眉間にシワを寄せ、不快そうな顔をする雄一。
「言ったわよ」
「……は?」
「なに? シオから聞いてない? 今度の日曜に挙式よ」
「ちょ、ちょっと待ってください! その……この人は、あなたの恋人じゃないんですか?」
「恋人だってー。そんな初々しい言い方されると、照れちゃうわよね、雄一さん」
「答えてください!」
「そうだとして、何か問題あるかね?」
「いや、問題も何も、話にならないでしょ! なんで、青手木が自分の母親の恋人と結婚するなんてことになるんですか!」
「この人、株で失敗したの。だからよ」
……ホント、話の通じない人たちだ。
それとも、僕の理解力が足りないんだろうか?
「失敗じゃない。ベッカー商事の株は、必ず回復するはずだ」
「負け惜しみは見苦しいわよ」
「……ふん。どう解釈するかは、お前の勝手だ」
「だから! ちゃんとわかるように説明してください!」
「やーね。
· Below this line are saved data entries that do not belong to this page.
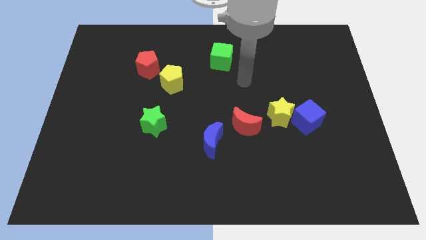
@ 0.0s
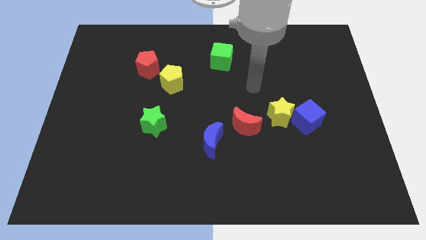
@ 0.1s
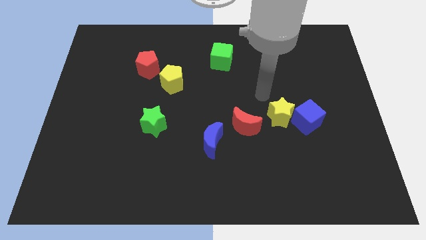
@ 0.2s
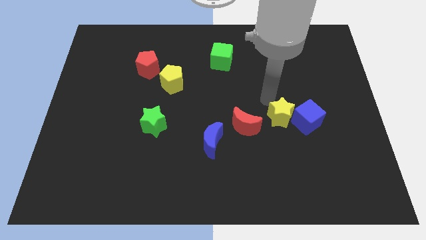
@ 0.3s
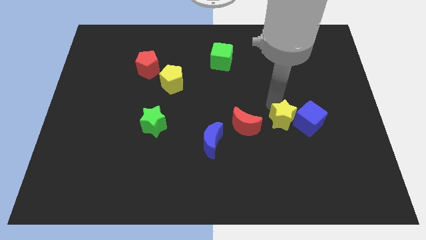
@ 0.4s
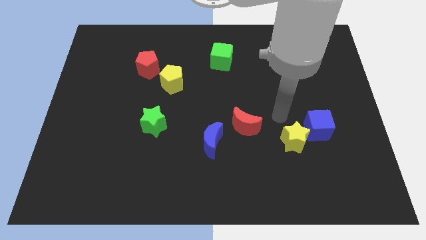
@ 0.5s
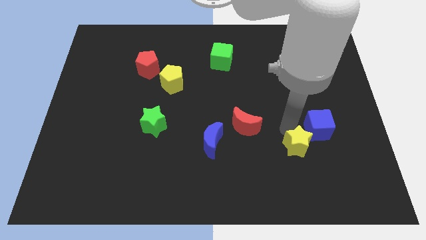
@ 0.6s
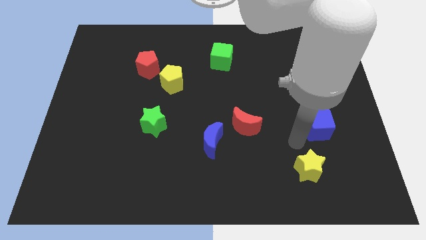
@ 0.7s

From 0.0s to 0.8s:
pull the blue cube apart from the yellow star

千金良くん、怒りっぽいわよ。カルシュウム足りてる?」
ブチ切れそうだ。
ホント、青手木の関係者は、僕をイラつかせるのがすこぶる上手いな。
「はいはい。そんなに睨まなくても、説明するわ。えっとね、つまり、雄一さんはお金が必要になったよ。で、家のお金が必要になったわけ」「それが、青手木の結婚と、どういう関係……」
「焦らないの。説明するって言ってるでしょ」
「ふん。餓鬼は、これだから……」
馬鹿にしたような目で、雄一が見てくる。
よし、最初に殴るのは、こいつからだな。
「お金が必要だからって、簡単に、はい、どうぞって渡すわけにはいかないのよ。色々、税金がかかっちゃうでしょ。もったいないじゃない」
「……」
前置きが長いのは我慢しよう。
また、雄一に馬鹿にされるのは、しゃくにさわるからな。
「で、どうすればいいか。それは、家族になっちゃえばいい。財産は共有になるから簡単に渡せるのよ」
「……お金のやり取りのことはよくわかりませんが、それなら、あなたが結婚すればいいんじゃないですか? てか、それが普通だと思うんですけど」
確か、青手木のお母さんは結婚してないと言っていた気がする。
だから、重婚とかにはならないはずだ。
「私、縛られるの、きらーい。結婚なんて冗談じゃないわよ」
「は?」
「だから、シオと結婚させるってわけ。いいアイディアでしょ」
その言葉で、僕の頭の中は真っ白になった。
そして、僕の脳裏には、ベッドの中で涙を流していた青手木の寝顔が思う浮かんでいた。